Christmas came early this year. Not in the tinsel sense, although there was plenty of that too, but in the form of a different kind of sparkle – a surprise glass of Krug Clos du Mesnil 2008.
This is single-vintage Blanc de Blancs from a tiny, walled plot in Le Mesnil-sur-Oger – arguably Champagne’s most iconic Chardonnay village. Extremely limited. Somewhat of a unicorn. Which might go some way to explain why a single glass costs roughly $650.
All of which is impressive, sure, but that’s not the most interesting part.

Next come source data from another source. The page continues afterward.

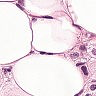
Metastatic tissue present: yes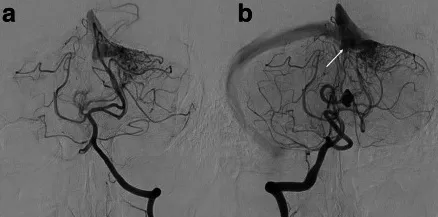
Preoperative angiography. A; Left vertebral artery angiography (VAG). The left PICA is agenesis (frontal view).
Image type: radiology (x_ray)
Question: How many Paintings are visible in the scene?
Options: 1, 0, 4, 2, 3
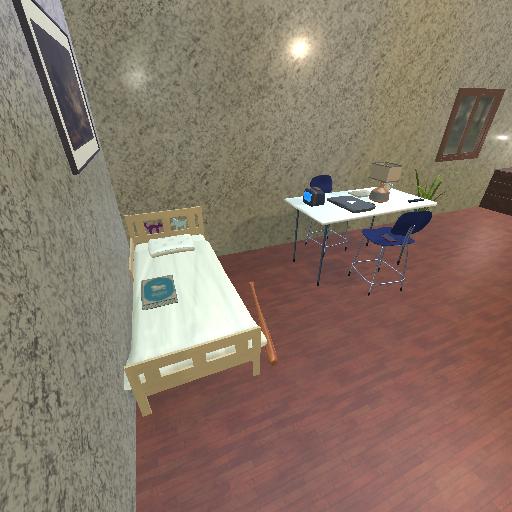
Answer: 1
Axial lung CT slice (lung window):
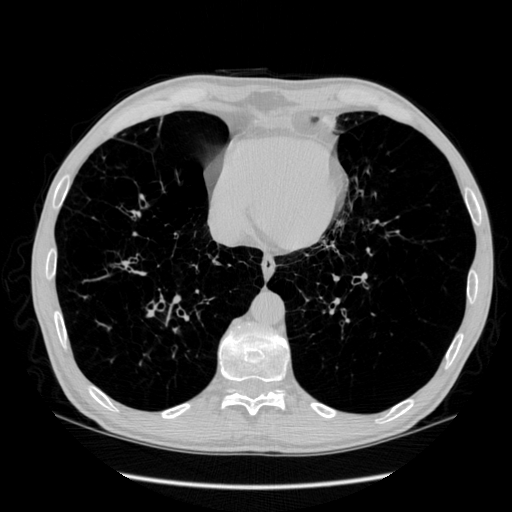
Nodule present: no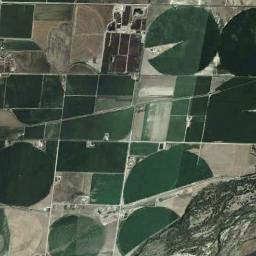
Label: circular_farmland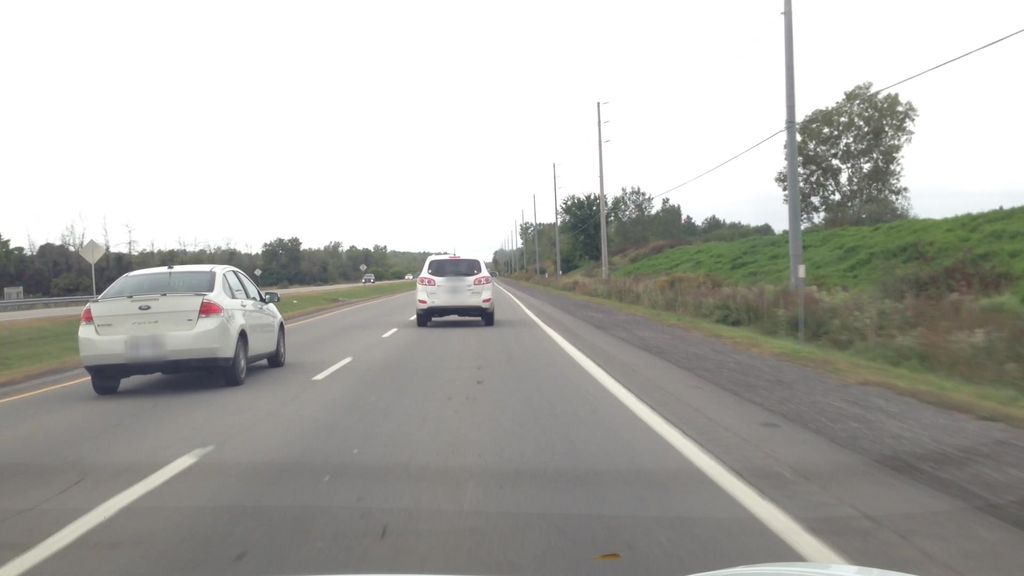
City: ottawa-gatineau
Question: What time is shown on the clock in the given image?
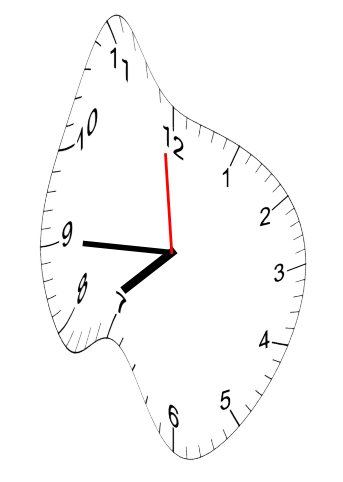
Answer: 07:44:59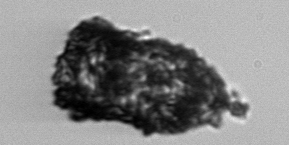
Label: Tintinnopsis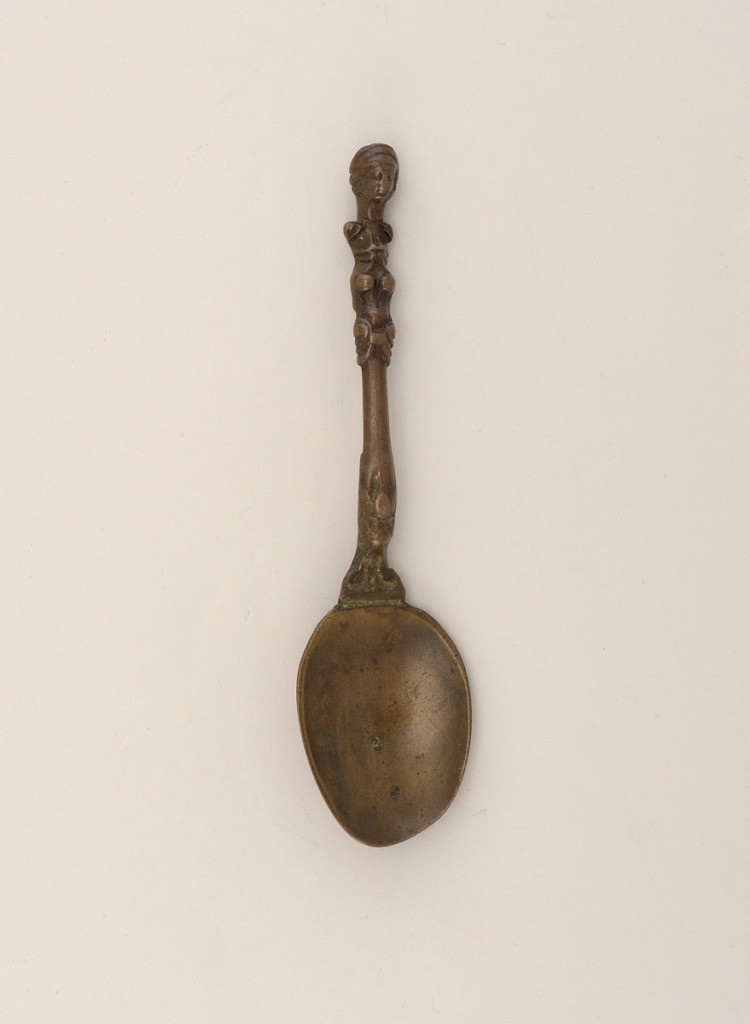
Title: spoon
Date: ca. 1600
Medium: bronze
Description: Cast bronze, oval bowl. Scroll handle has grotesque-shaped decoration on front and back; handle terminating in armless female upper torso. Heavy rib reverse of bowl.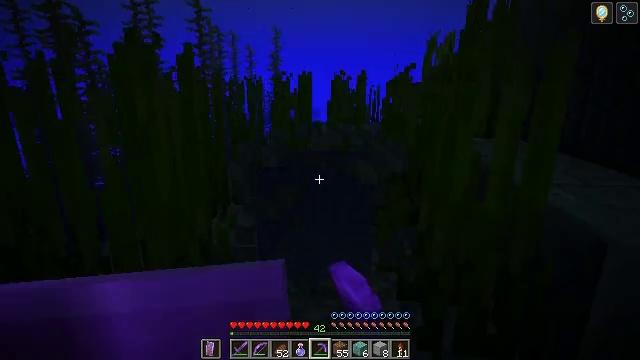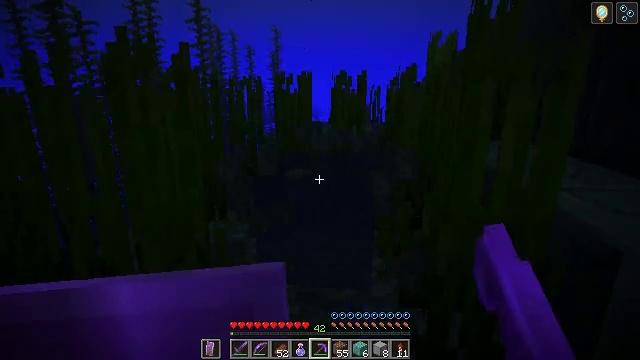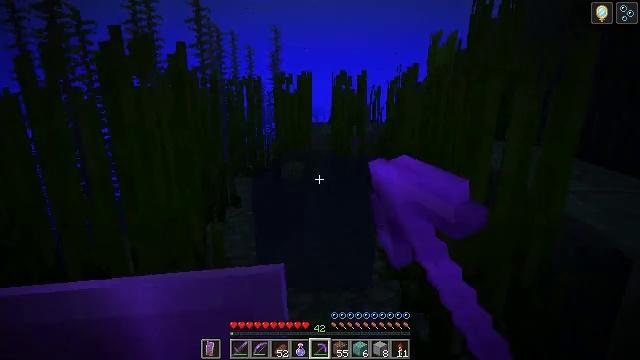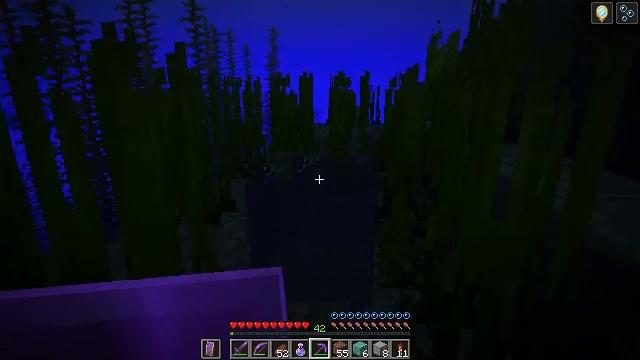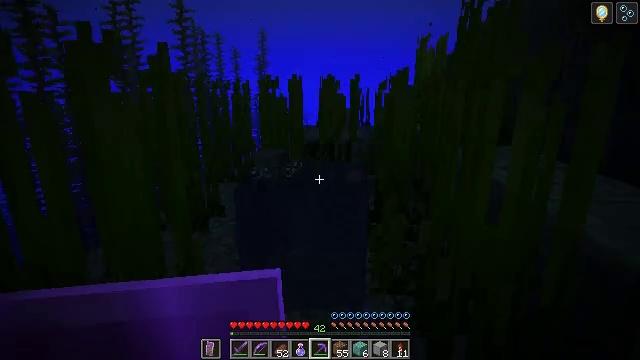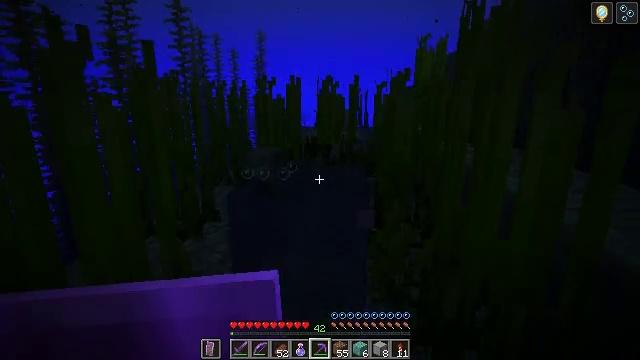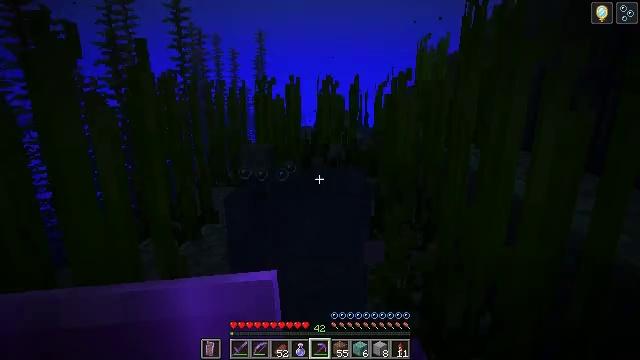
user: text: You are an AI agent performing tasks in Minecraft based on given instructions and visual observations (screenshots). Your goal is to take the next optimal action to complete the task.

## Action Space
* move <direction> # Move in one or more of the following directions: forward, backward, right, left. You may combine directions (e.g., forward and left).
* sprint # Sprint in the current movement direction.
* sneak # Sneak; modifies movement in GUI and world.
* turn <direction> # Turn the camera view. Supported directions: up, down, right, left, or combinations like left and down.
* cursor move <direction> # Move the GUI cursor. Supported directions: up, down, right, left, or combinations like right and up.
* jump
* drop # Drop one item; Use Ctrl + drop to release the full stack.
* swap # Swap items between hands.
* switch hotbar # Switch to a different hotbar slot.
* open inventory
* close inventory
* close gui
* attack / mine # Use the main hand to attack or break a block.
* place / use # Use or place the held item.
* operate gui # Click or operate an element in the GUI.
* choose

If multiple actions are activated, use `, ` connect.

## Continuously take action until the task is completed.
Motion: motion action
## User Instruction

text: Collect seagrass by hand or tool.
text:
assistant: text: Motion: move forward, attack / mine
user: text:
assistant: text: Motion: move forward, attack / mine
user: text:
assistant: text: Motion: move forward, attack / mine
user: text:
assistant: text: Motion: move forward, turn right, attack / mine
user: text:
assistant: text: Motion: move forward, attack / mine
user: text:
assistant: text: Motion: move forward, attack / mine
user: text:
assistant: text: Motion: attack / mine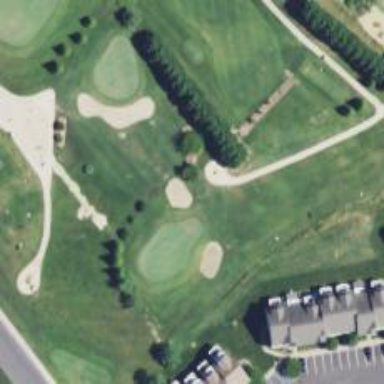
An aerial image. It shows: Golf hole.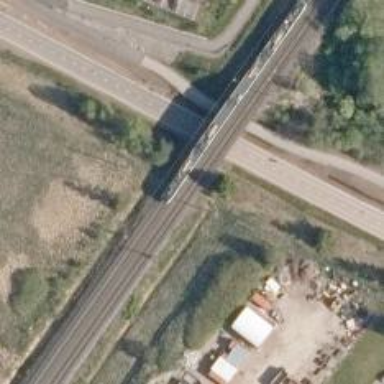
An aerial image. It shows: Bridge over railway with continuous electrified contact line.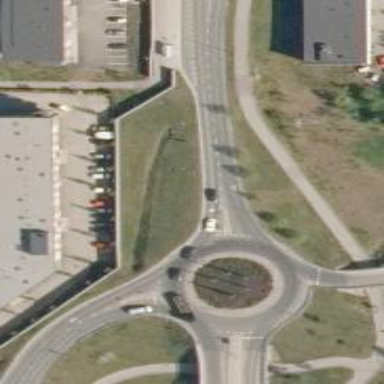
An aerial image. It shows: Secondary road made of asphalt leading to roundabout.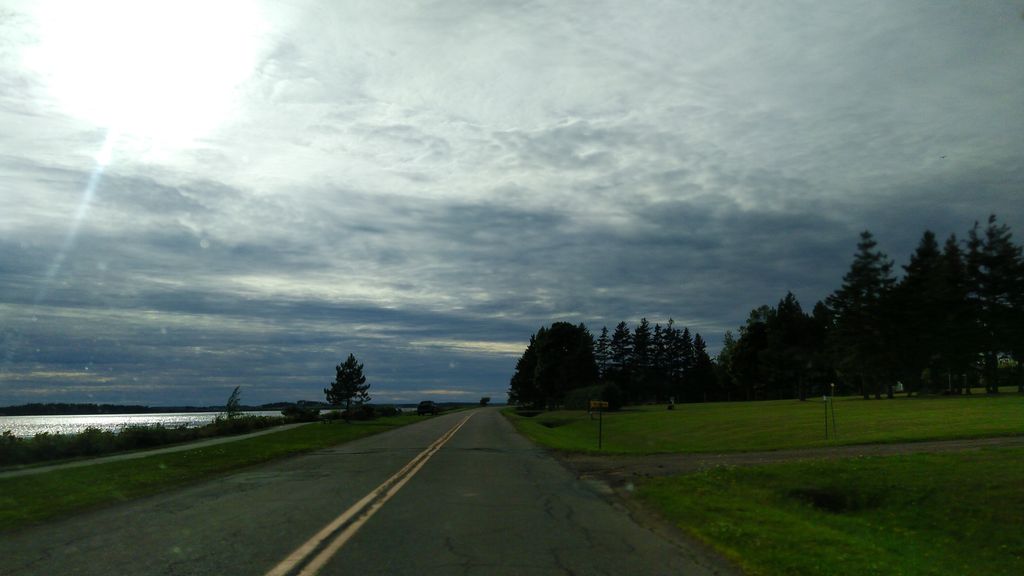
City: charlottetown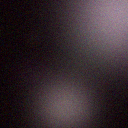
Screen state: off
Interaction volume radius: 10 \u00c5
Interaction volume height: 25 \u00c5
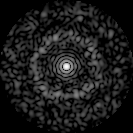
Disorder parameter: 0.8207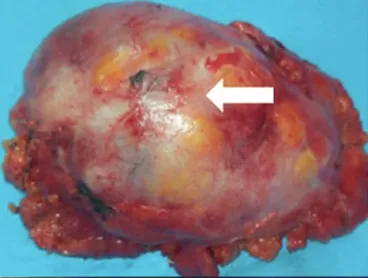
Tumor left kidney (source: pathological cytology laboratory collection from "La Paix" University Hospital);. Fresh piece of left nephrectomy, showing an intact capsule (white arrow).
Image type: medical_photograph (other_medical_photograph)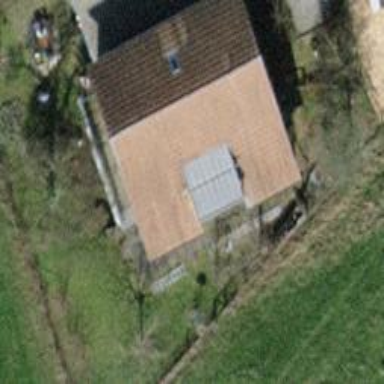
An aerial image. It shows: Simple and straightforward house.
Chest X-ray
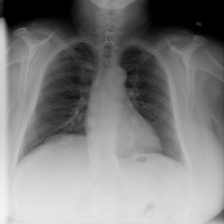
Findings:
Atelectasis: positive
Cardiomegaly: negative
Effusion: negative
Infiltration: negative
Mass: negative
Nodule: positive
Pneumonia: positive
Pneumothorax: negative
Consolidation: negative
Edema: negative
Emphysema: negative
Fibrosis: negative
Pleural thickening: negative
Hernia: negative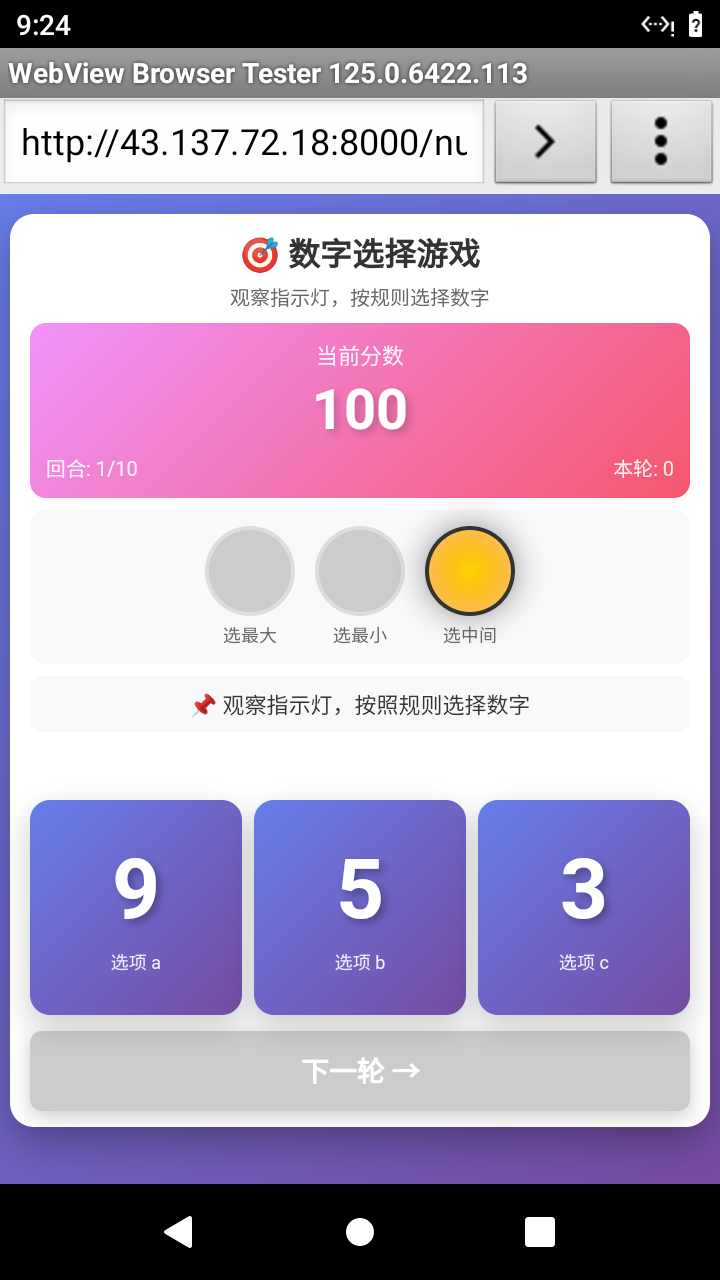

Select the correct number based on the traffic light color.
Answer: 1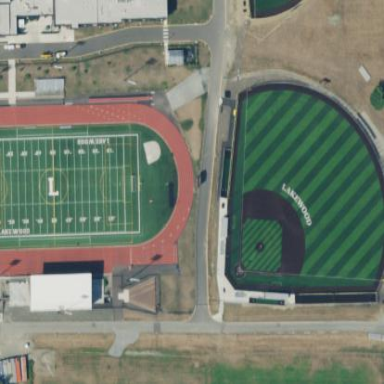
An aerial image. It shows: American football pitch with artificial turf.
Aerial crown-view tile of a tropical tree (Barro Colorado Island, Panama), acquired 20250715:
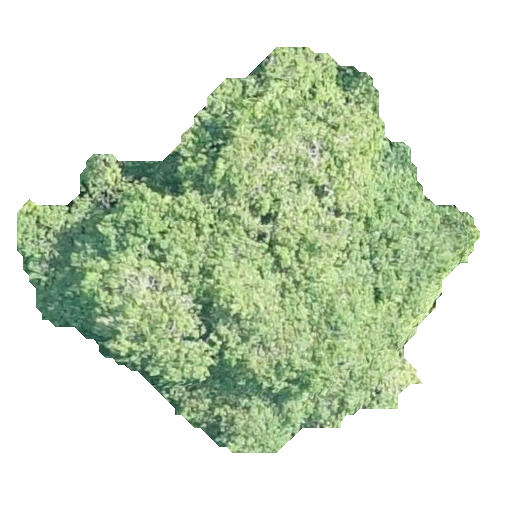
Species: Guapira myrtiflora
GBIF accepted scientific name: Guapira myrtiflora
Crown area: 171.997 m²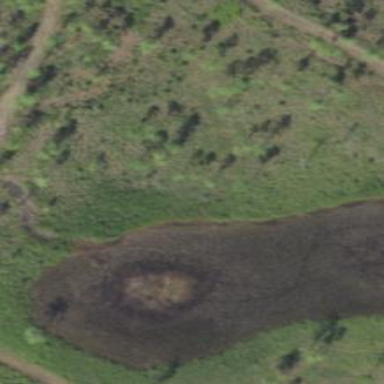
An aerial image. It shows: Marsh wetland.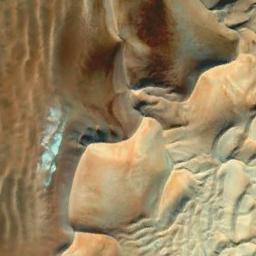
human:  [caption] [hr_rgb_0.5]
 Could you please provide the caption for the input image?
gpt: There are deep ravines in this desert .

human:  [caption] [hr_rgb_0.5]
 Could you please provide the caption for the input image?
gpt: The desert has some sand ripples and trellis dunes .

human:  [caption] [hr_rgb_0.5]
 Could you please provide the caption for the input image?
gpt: The desert is with half of white sand and half of yellow sand .

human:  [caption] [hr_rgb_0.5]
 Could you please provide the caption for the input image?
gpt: This is a desert mixed with brown and yellow with massive texture .

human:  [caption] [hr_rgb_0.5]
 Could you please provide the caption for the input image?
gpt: A sandy desert with many dunes .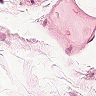
Metastatic tissue present: no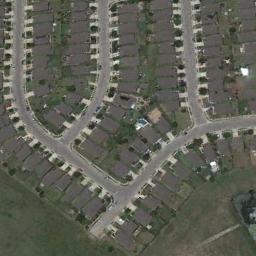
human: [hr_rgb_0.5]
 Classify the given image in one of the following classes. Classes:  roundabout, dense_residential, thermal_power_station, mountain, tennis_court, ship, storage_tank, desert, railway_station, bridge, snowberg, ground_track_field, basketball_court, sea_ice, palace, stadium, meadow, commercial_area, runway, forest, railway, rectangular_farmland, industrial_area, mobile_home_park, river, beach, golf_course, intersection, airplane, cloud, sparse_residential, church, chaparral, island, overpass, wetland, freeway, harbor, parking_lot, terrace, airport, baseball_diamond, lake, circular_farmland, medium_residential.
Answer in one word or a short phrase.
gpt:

I was tasting it at Bennelong – the only place in the world where you can currently try it by the glass, which so happens to be home to sweeping beams, moody lighting, and a quiet sense of understated opulence. In other words, it’s the kind of setting that primes you for a soft, comfortable richness: the epitome of an aged Grand Cru. Yet this Champagne had other ideas.
Despite spending more than 15 years in the cellar, born in what is universally acknowledged as “one of the great years in modern Champagne history”, it doesn’t present as mature in the way we’re conditioned to expect.
What surprised me first was how disciplined this glass of Krug felt. I expected rounder edges, maybe some slightly honeyed notes, that unavoidable softening that comes with age. Yet there was no overt richness, no oxidative comfort blanket. Instead, it’s taut, vibrant and almost confrontationally precise. The ultra-fine bubbles feel simultaneously silky and electric. Unlike me after a long slumber, it feels undeniably awake.
On the nose: crisp citrus, light toast. On the palate: that citrus instantly opens up and multiplies, giving it a beautiful depth. You get that classic delicious toasted brioche coming through, a hint of nuttiness perhaps, and then this distinct chalky spine that shoots straight through the middle.
The texture is what lingers, simultaneously delicate and alert. I kept waiting for it to relax, to broaden, to do the very thing prestige Champagnes so often do with age. It never did. And that restraint is the flex.
That’s why Krug’s Clos du Mesnil 2008 feels so disarming. You expect age; you get clarity. You expect weight; you get energy. You expect a crescendo; you get control.
Will I be buying a bottle any time soon? Absolutely not. A girl has rent to pay. But as a once-in-a-lifetime experience, it earns its reputation.